In this experiment you will measure the motion of a glider down a tilted track using PASCO photogates (stated precision of 0.0001 seconds) connected to PASCO’s data logging and visualization software, Capstone, which will be set up as a timer for this experiment.

  1. Do not put a glider on the track without air flowing.

  2. Create a table of the common data including the masses of the gliders, the distance \(D\) between the legs of the air track and the heights of the two spacers.

  3. Measure and record the mass of both the large and small glider.

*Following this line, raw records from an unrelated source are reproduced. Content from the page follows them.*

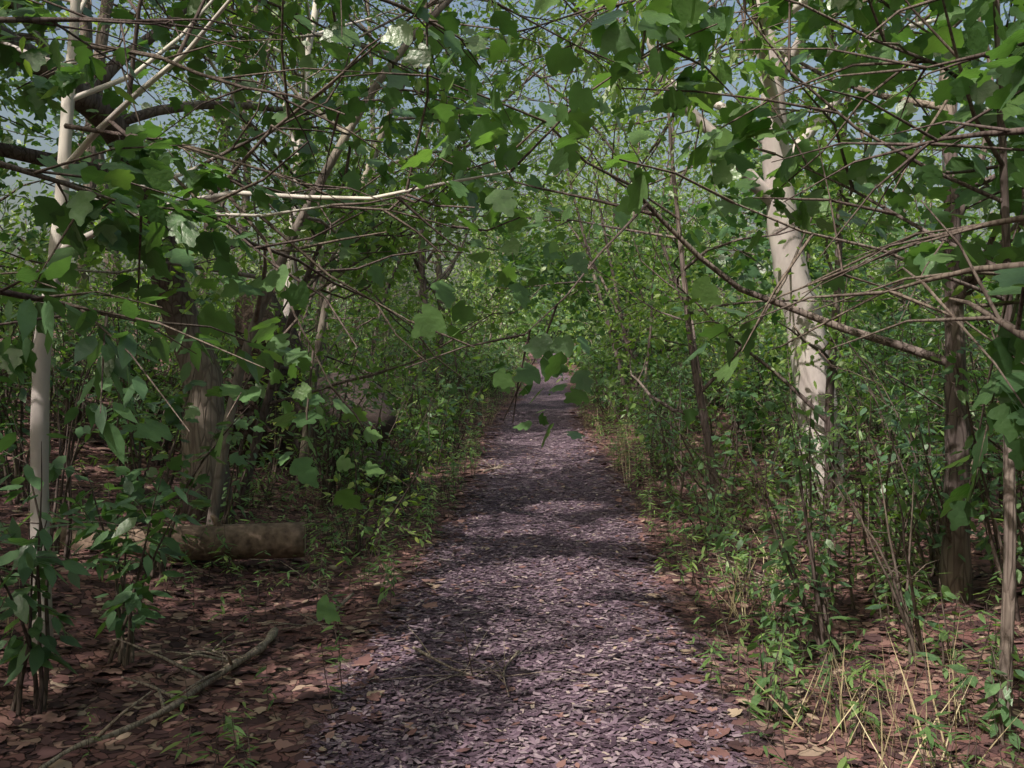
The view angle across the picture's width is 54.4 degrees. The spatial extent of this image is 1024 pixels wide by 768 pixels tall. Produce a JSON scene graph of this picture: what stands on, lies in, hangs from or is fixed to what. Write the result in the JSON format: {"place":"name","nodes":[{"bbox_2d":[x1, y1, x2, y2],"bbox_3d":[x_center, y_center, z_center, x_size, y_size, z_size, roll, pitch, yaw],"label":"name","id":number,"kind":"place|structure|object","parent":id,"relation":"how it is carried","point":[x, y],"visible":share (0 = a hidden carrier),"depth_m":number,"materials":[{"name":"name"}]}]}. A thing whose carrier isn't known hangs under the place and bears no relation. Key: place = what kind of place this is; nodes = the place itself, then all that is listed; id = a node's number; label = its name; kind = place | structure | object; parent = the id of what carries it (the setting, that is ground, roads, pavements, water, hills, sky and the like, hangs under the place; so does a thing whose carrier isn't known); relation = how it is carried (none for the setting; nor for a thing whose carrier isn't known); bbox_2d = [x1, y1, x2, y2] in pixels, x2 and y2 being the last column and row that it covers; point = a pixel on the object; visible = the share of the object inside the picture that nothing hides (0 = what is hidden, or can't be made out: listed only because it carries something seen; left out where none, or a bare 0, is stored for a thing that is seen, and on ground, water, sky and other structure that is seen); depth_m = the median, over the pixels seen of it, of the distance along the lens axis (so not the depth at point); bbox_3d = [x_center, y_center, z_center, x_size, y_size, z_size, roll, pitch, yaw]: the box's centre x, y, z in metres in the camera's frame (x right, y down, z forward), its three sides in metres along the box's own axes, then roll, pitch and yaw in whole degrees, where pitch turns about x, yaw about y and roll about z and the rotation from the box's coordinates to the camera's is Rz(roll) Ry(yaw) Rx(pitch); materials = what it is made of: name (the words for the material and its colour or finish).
{"place":"outdoors","nodes":[
{"label":"outdoors","id":0,"kind":"place"},
{"bbox_2d":[0,0,1022,342],"label":"sky","id":1,"kind":"structure","parent":0,"point":[10,180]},
{"bbox_2d":[0,315,1023,767],"bbox_3d":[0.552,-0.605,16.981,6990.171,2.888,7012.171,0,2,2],"label":"ground","id":2,"kind":"structure","parent":0,"point":[122,751],"depth_m":5.32,"materials":[{"name":"brown soil"}]},
{"bbox_2d":[2,287,303,471],"bbox_3d":[-5.201,0.075,12.938,7.820,2.596,1.886,2,3,35],"label":"root plate","id":3,"kind":"object","parent":2,"relation":"on","point":[247,314],"visible":0.31,"depth_m":10.67,"materials":[{"name":"soil"}]},
{"bbox_2d":[60,514,305,560],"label":"cut logs","id":4,"kind":"object","parent":2,"relation":"on","point":[279,540],"visible":0.61,"depth_m":6.39,"materials":[{"name":"brown wood"}]},
{"bbox_2d":[278,372,409,491],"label":"boulders","id":5,"kind":"object","parent":2,"relation":"on","point":[388,418],"visible":0.32,"depth_m":10.91,"materials":[{"name":"grey stone"}]},
{"bbox_2d":[38,453,839,767],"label":"fallen branches","id":6,"kind":"object","parent":2,"relation":"on","point":[228,667],"visible":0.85,"depth_m":4.46,"materials":[{"name":"brown wood"}]},
{"bbox_2d":[1,0,935,654],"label":"pale trunks","id":7,"kind":"object","parent":2,"relation":"on","point":[799,276],"visible":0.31,"depth_m":8.59,"materials":[{"name":"beige plant"}]},
{"bbox_2d":[0,0,1023,623],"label":"leaves","id":8,"kind":"object","parent":2,"relation":"on","point":[118,228],"visible":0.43,"depth_m":4.07,"materials":[{"name":"green plant"}]},
{"bbox_2d":[0,0,1023,767],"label":"twigs","id":9,"kind":"object","parent":2,"relation":"on","point":[126,652],"visible":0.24,"depth_m":5.25,"materials":[{"name":"brown wood"}]},
{"bbox_2d":[0,0,1023,574],"bbox_3d":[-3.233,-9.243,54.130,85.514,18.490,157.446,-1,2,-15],"label":"leaves","id":10,"kind":"object","parent":2,"relation":"on","point":[294,44],"visible":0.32,"depth_m":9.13,"materials":[{"name":"green plant"}]},
{"bbox_2d":[0,243,1023,748],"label":"shrub leaves","id":11,"kind":"object","parent":2,"relation":"on","point":[116,363],"visible":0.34,"depth_m":4.77,"materials":[{"name":"green plant"}]},
{"bbox_2d":[0,253,1023,767],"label":"herb leaves","id":12,"kind":"object","parent":2,"relation":"on","point":[926,731],"visible":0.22,"depth_m":6.62,"materials":[{"name":"green plant"}]},
{"bbox_2d":[0,0,1023,734],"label":"trunks","id":13,"kind":"object","parent":2,"relation":"on","point":[954,566],"depth_m":7.49,"materials":[{"name":"wood"}]},
{"bbox_2d":[0,372,1023,767],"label":"leaf litter","id":14,"kind":"object","parent":2,"relation":"on","point":[274,734],"visible":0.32,"depth_m":4.71,"materials":[{"name":"brown plant"}]},
{"bbox_2d":[3,383,1023,767],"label":"dry grass","id":15,"kind":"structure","parent":2,"relation":"on","point":[733,605],"depth_m":3.83,"materials":[{"name":"beige plant"}]},
{"bbox_2d":[298,410,749,767],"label":"wood chips","id":16,"kind":"object","parent":2,"relation":"on","point":[589,744],"visible":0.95,"depth_m":4.51,"materials":[{"name":"grey wood"}]}
]}

  4. Without the spacer present and the air track resting directly on the tabletop (with the black circle feet), place one of the gliders on the track and note any preferential drift of the glider. Adjust the height of the single leg (screw in or out) until the air track is level, as indicated by no preferential drift. Check both orientations of the glider on the track to check if the car is asymmetric and has a significant preferential drift on an otherwise level track. If this occurs, use another glider.

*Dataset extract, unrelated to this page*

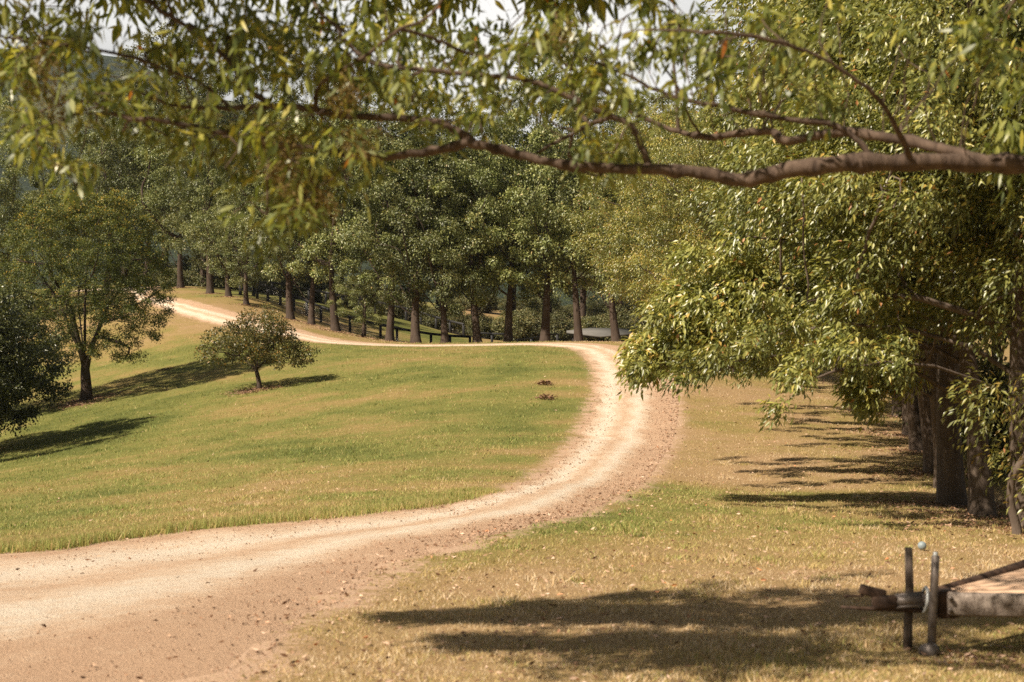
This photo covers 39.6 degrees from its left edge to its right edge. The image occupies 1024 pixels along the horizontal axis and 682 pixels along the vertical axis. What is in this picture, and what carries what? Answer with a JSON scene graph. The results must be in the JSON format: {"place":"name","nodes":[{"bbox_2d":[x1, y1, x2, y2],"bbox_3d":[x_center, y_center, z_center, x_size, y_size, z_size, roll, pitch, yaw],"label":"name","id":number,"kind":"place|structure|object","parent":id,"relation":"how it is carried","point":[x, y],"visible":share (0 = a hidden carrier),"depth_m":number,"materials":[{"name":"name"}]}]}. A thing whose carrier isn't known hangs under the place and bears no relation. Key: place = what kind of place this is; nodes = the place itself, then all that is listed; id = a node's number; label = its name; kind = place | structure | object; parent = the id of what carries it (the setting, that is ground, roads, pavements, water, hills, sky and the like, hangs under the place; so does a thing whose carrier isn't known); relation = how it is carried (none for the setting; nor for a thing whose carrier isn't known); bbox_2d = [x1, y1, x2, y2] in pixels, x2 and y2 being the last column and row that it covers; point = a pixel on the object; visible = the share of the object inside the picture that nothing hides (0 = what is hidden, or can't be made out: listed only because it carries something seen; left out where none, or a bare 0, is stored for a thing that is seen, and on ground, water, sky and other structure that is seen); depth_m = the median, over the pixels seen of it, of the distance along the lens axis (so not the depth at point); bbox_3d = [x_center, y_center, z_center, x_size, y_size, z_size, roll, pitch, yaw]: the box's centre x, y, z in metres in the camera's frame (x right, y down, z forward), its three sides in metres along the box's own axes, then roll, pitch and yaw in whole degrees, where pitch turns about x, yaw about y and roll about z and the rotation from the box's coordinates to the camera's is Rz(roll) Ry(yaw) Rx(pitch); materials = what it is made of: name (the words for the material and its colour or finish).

  5. Measure and record the distance \(D\). This is the center-to-center distance between the legs.

  6. Measure and record the heights, \(H\), of each of the two spacers with the provided Vernier caliper for greater precision.

  7. Four cases will be performed with a tilted air track, two gliders with two spacers (e.g. BIG spacer/small glider, BIG spacer/BIG glider, small spacer/small glider, small spacer/BIG glider).

  8. Determine a convenient point on the glider to use with the scale attached on the side of track. It doesn’t matter what point you choose, only that you use the same point for all determinations of \(\Delta s\) for that glider. A convenient point is the lower front or rear corner of the glider since it will be very close or overlapping with the length scale on the track itself.

  9. For each of the four cases, perform the steps listed in Steps for each of the four cases with a tilted track and record the data appropriately in your spreadsheet

  10. For each the four cases:

  • Calculate the average of the measured \(g\)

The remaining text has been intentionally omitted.